REASONS FOR JUDGMENT

THE COURT:

Each of Barry John Cheesman, Alice May Cheesman, Ross Cheesman, Bronwyn Joy Cheesman, Graeme Walter Cheesman and Jeanette Lois Cheesman (“the Cheesmans”) is a bankrupt, although now discharged from bankruptcy.  Sequestration orders against them were made on 4 June 1987 by Registrar Murray on the application of Elders Rural Finance Limited (“Elders”) on 4 June 1987.  The petition pursuant to which the sequestration orders were made was issued by Jackson Commodities Pty Ltd, but that company sought to withdraw and Elders was substituted in its place.  In the result Robert Arthur Waters became the trustee of the joint and several estates of the appellants.

The present proceedings were commenced by the appellants against Mr Waters claiming declarations that Mr Waters was in breach of his duties as trustee and damages in consequence. An amendment was permitted to the application to raise the question whether s 31A(1)(n) of the Bankruptcy Act1966 (Cth) ("the Act") as in force at the time the sequestration order was made was beyond the legislative powers of the Commonwealth by reason that it conferred judicial power of the Commonwealth on a Registrar of the Federal Court contrary to Ch III of the Constitution. Consequentially, an order was sought by way of declaratory relief that the sequestration order was null, void and of no effect.

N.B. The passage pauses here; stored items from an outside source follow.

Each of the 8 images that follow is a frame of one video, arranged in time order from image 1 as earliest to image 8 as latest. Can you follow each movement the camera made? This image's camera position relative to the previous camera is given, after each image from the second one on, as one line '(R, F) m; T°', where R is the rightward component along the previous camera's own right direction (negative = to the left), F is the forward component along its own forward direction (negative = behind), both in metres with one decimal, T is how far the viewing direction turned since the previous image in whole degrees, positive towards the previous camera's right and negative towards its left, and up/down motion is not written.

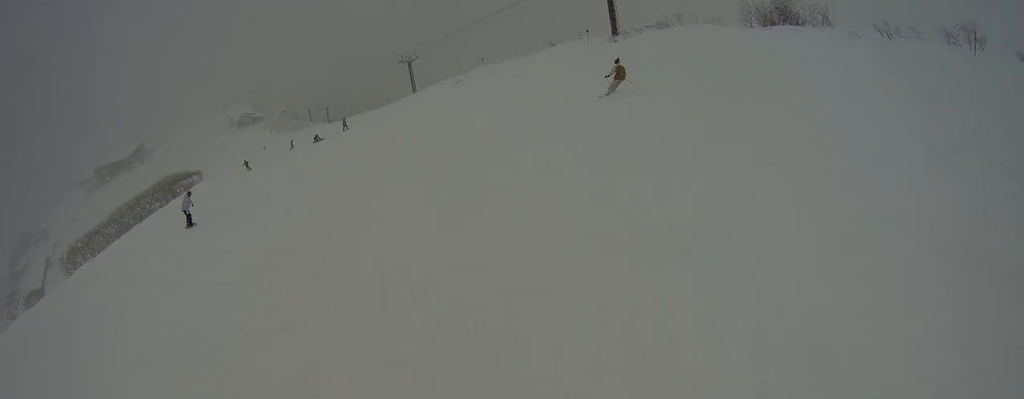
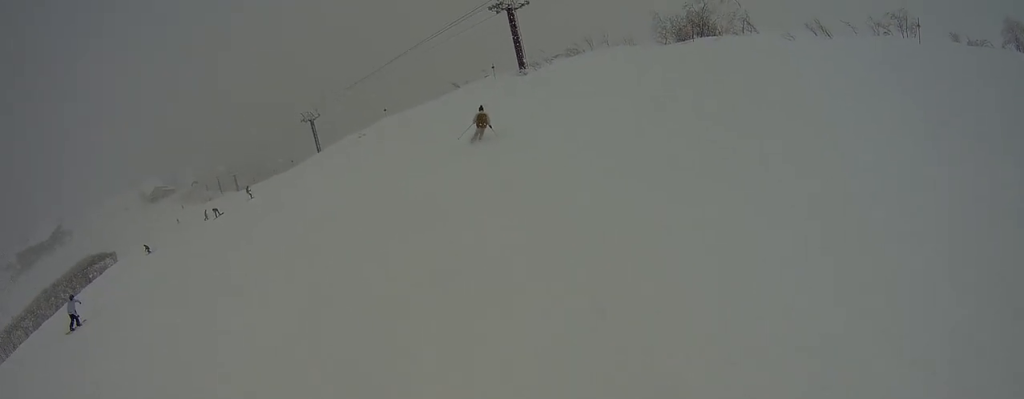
(+0.5, +2.7) m; +22°
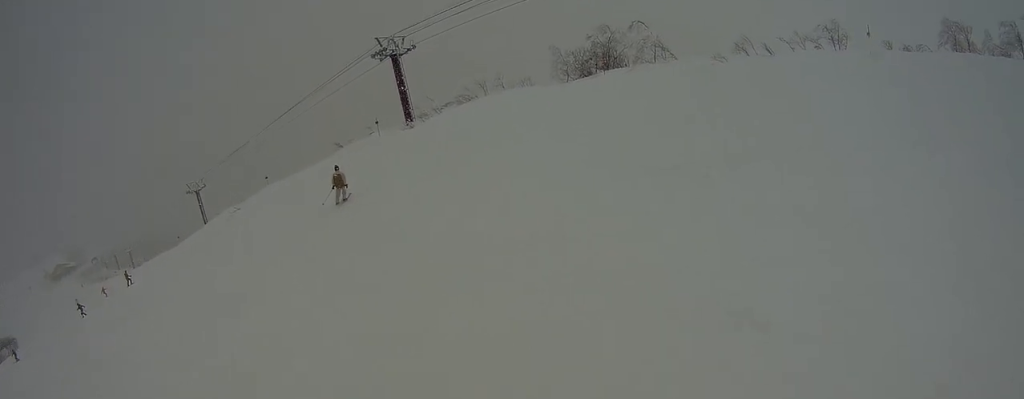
(+1.2, +4.8) m; +26°
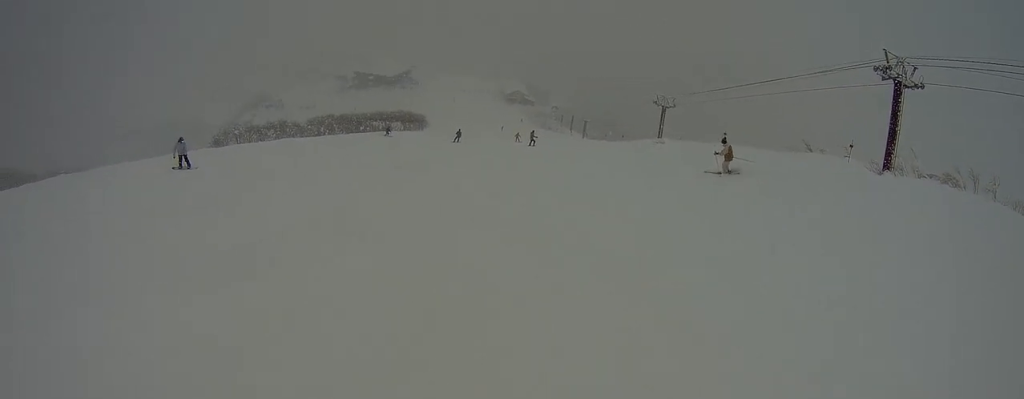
(+1.0, +8.0) m; -21°
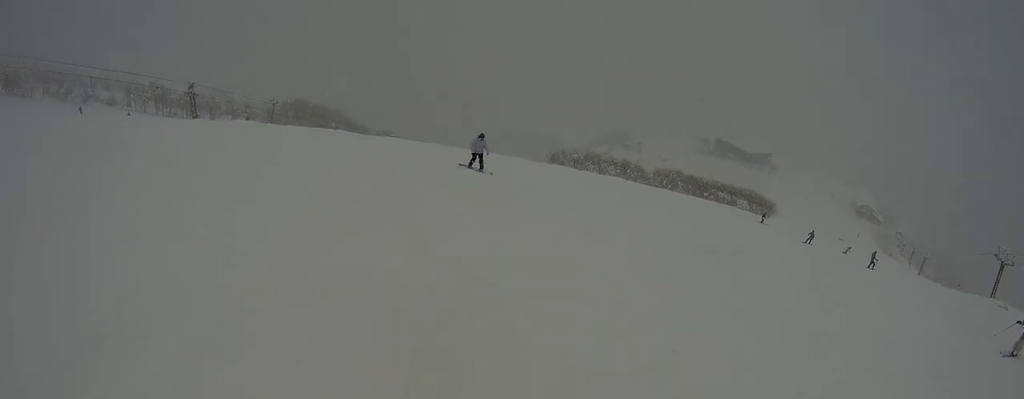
(-2.0, +4.1) m; -34°
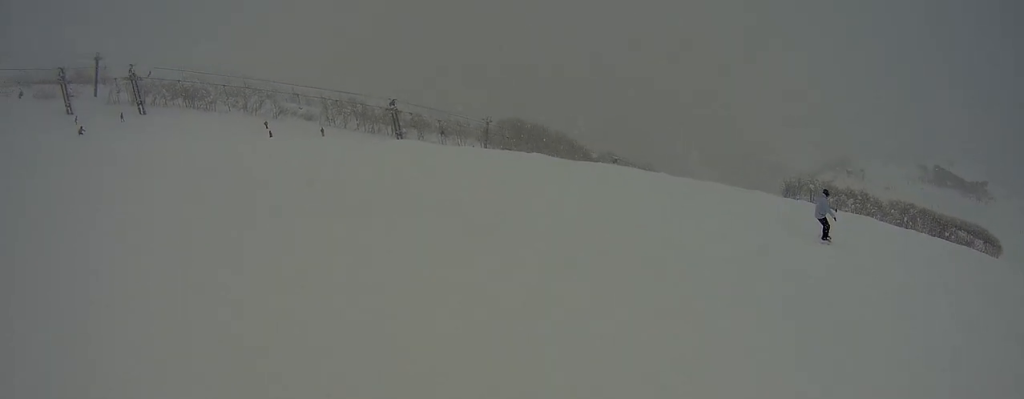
(-1.3, +4.5) m; -44°
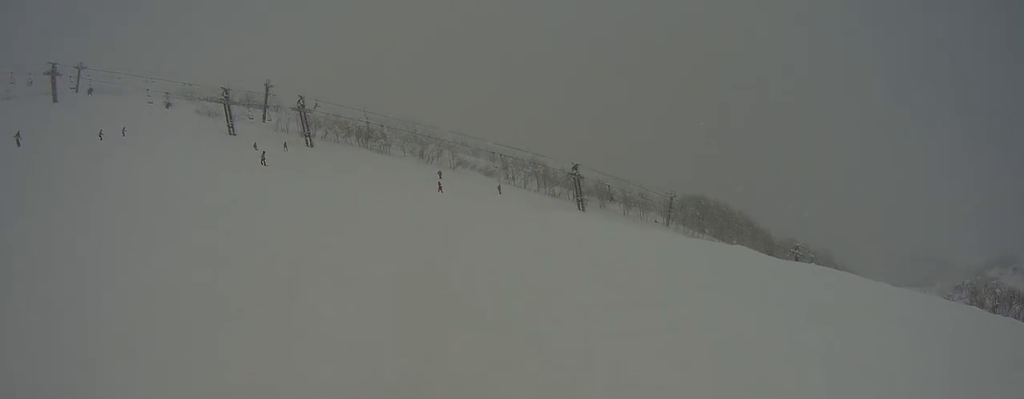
(-1.5, +3.4) m; -34°
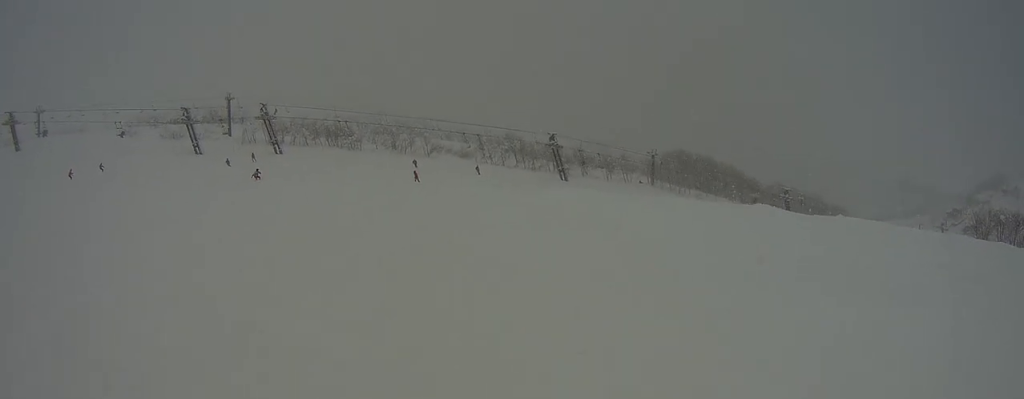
(-0.4, +2.4) m; -3°
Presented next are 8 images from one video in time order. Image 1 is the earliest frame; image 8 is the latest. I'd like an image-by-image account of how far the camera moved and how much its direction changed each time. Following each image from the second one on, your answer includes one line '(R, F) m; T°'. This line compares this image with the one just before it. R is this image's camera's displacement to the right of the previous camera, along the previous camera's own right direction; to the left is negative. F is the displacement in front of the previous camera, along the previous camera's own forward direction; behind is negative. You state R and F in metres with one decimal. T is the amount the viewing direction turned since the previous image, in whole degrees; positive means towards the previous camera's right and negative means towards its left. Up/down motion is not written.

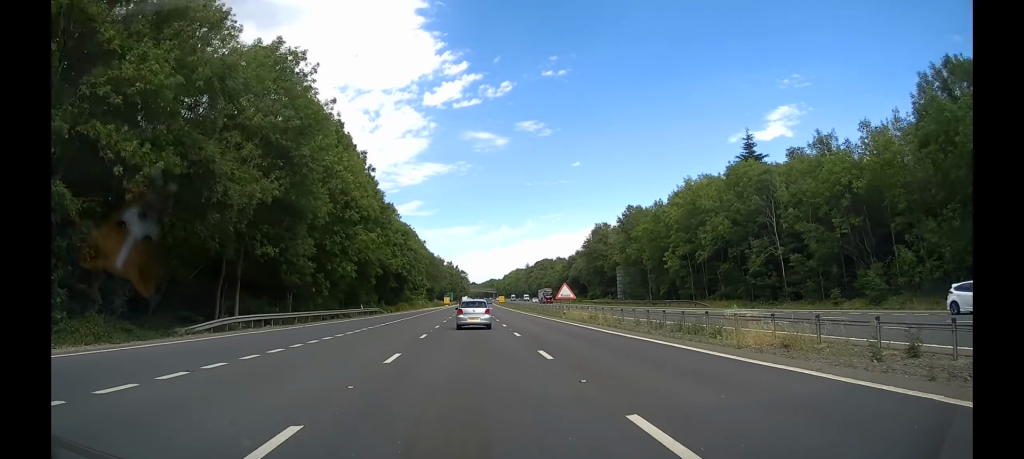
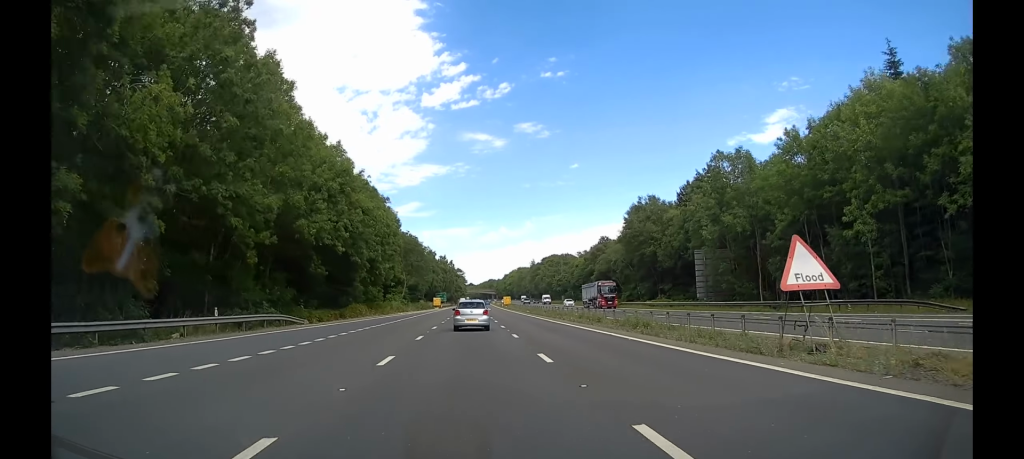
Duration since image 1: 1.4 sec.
(-0.3, +36.5) m; -1°
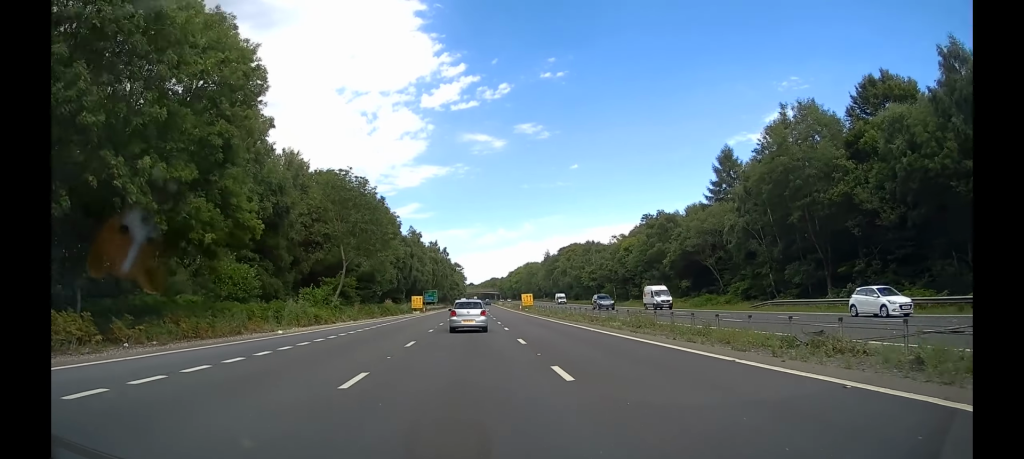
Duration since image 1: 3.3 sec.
(-0.9, +48.0) m; -2°
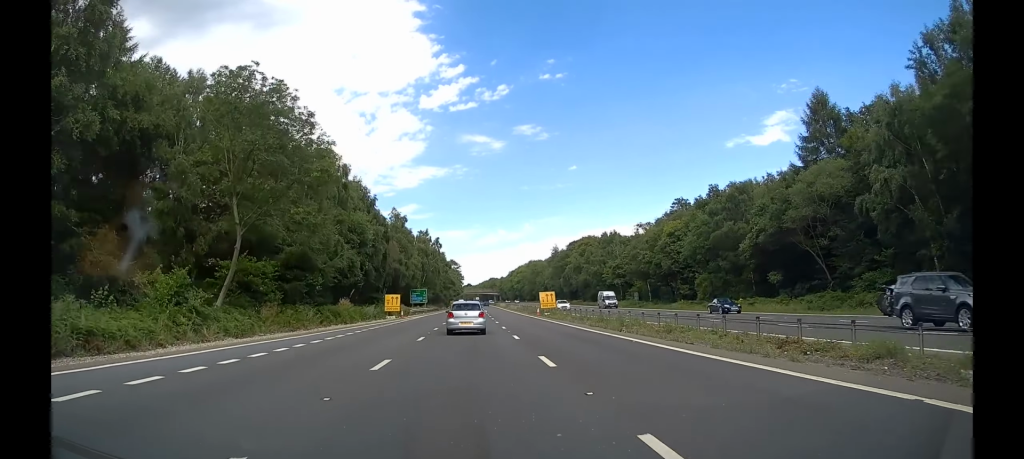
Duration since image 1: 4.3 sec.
(-0.2, +24.1) m; +1°
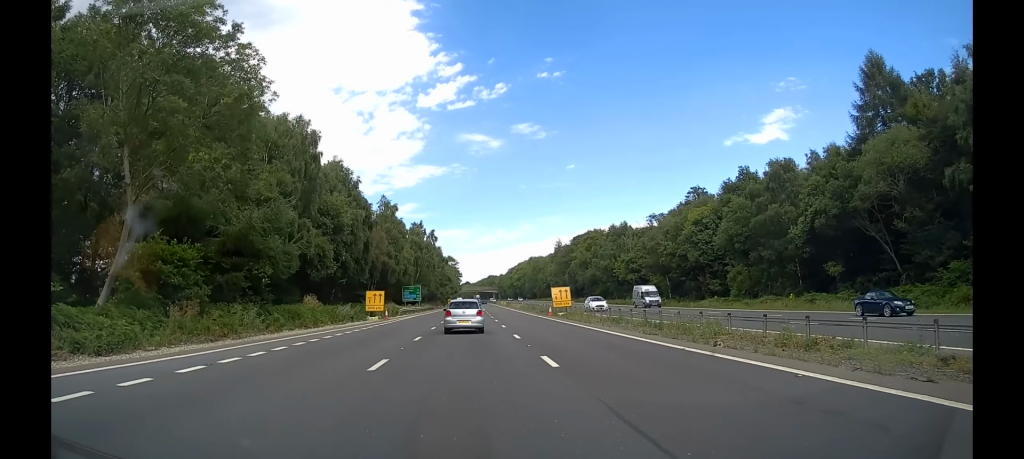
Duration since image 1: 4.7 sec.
(+0.4, +10.0) m; +1°
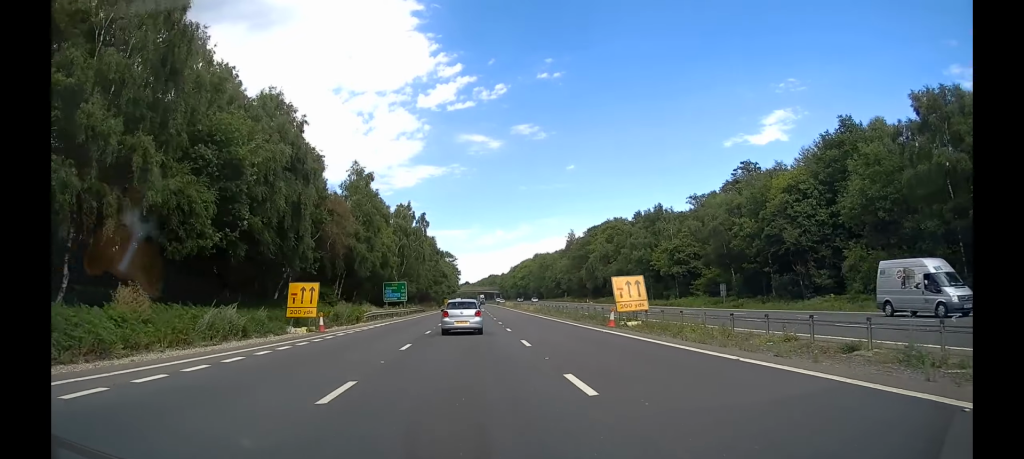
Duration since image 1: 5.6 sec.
(+0.3, +21.7) m; +1°
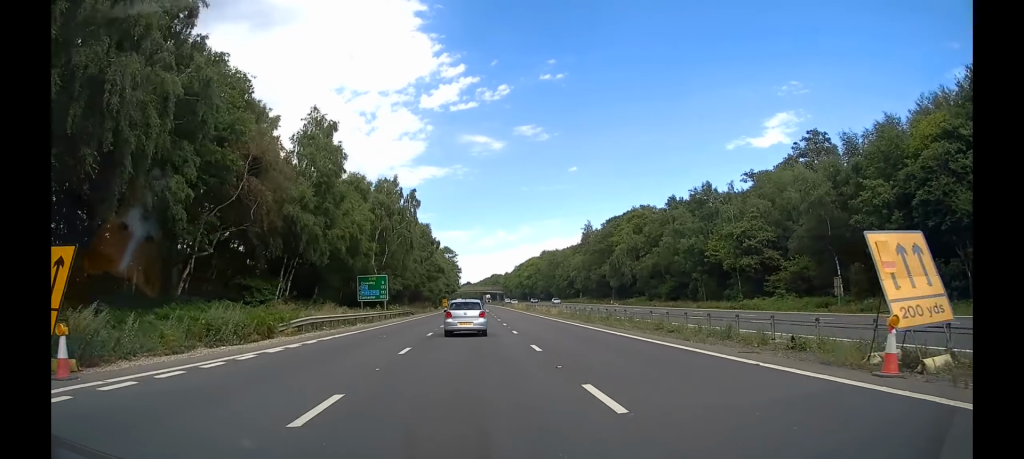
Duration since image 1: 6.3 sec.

Only indirectly did the application as filed and subsequently amended, raise other matters which if proved would have led to the conclusion that the sequestration order should have been set aside.  For example, it was alleged that the petition was heard as being unopposed, notwithstanding that a notice of intention to oppose it had been filed on 5 December 1986 and earlier proceedings had been heard before a judge of the Court.  It was also alleged that the Cheesmans had had no notice of the hearing and for that reason a sequestration order ought not to have been made.  Another matter raised in argument, although not in the application to the Court, was whether there had been a delegation in writing to the Registrar permitting the Registrar to hear petitions in bankruptcy.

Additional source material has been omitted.